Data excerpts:

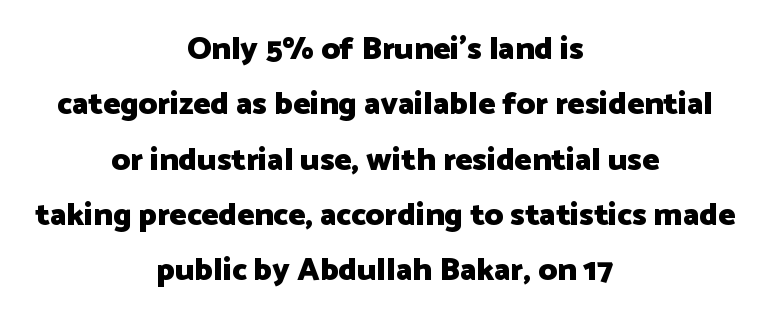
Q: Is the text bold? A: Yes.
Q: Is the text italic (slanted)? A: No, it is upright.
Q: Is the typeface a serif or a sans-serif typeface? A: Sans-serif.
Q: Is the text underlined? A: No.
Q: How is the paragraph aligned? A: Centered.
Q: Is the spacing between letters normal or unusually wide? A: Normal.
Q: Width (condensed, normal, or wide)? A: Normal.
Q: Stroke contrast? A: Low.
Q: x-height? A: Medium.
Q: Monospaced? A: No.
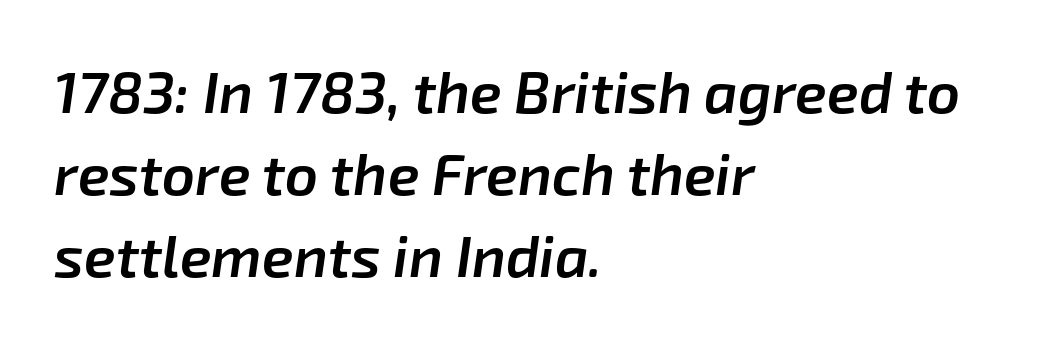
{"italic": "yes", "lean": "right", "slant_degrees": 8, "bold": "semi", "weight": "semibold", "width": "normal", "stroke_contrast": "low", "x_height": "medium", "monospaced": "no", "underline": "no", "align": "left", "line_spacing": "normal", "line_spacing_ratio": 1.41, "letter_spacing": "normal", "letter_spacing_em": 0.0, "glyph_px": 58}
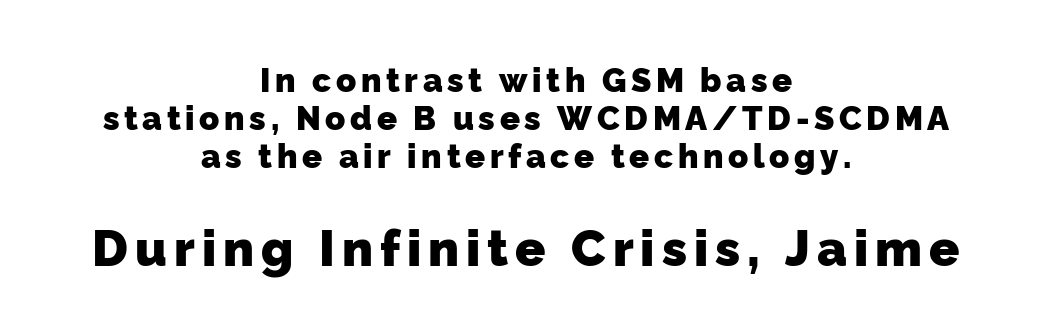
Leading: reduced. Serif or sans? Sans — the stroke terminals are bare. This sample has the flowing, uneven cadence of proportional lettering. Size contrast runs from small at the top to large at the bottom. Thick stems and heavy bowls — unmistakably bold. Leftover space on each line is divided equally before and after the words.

### TASK TO COMPLETE:
Return all lines of the data in which the string "wide" appears.

### SOLUTION FOR THIS EXERCISE:
Q: Is the spacing between letters normal or unusually wide? A: Normal.
Q: Width (condensed, normal, or wide)? A: Normal.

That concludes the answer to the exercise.